── DATASET

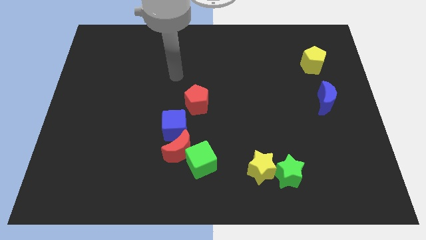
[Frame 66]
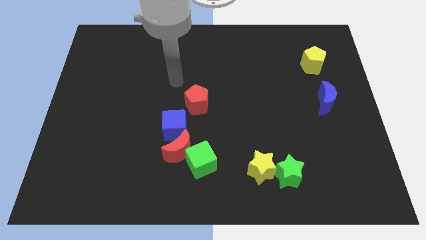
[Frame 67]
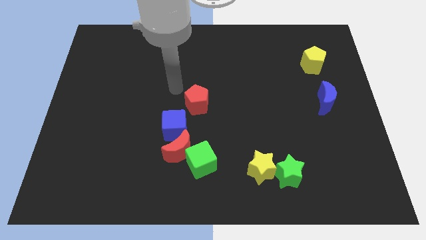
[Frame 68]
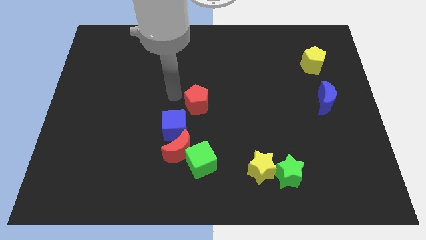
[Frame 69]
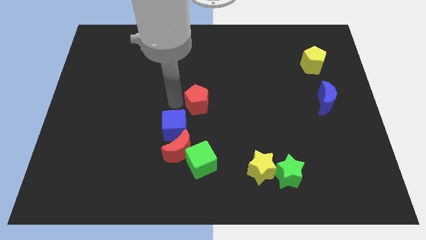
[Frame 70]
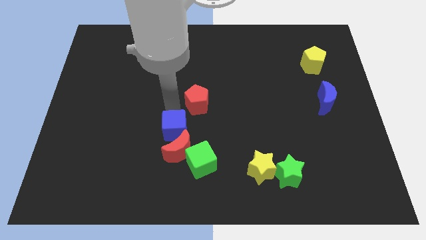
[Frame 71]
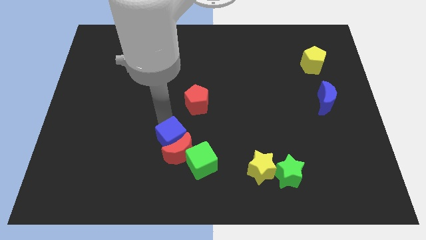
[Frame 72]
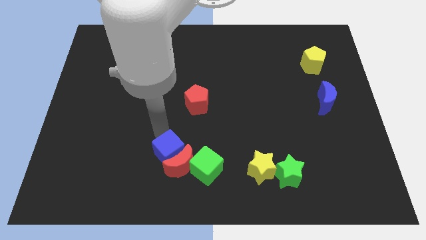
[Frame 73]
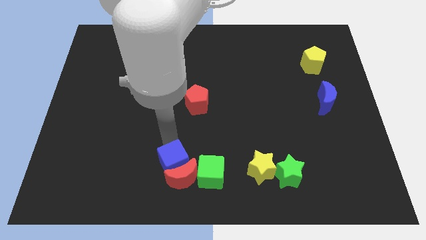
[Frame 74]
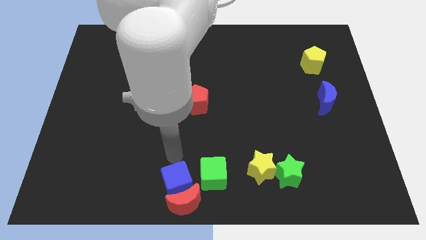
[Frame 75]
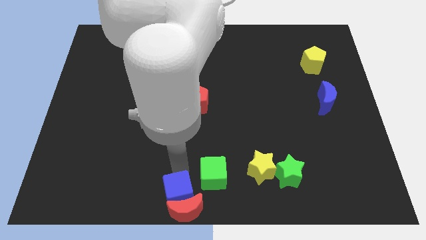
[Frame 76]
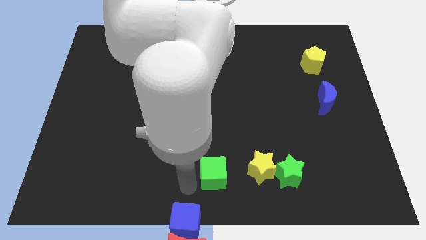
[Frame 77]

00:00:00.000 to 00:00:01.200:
separate the green cube from the red moon

────

# EXERCISE AIM
Please set down each line of the listing above word for word, skipping any pictures.

# SOLUTION TO THIS EXERCISE
[Frame 66]
[Frame 67]
[Frame 68]
[Frame 69]
[Frame 70]
[Frame 71]
[Frame 72]
[Frame 73]
[Frame 74]
[Frame 75]
[Frame 76]
[Frame 77]

00:00:00.000 to 00:00:01.200:
separate the green cube from the red moon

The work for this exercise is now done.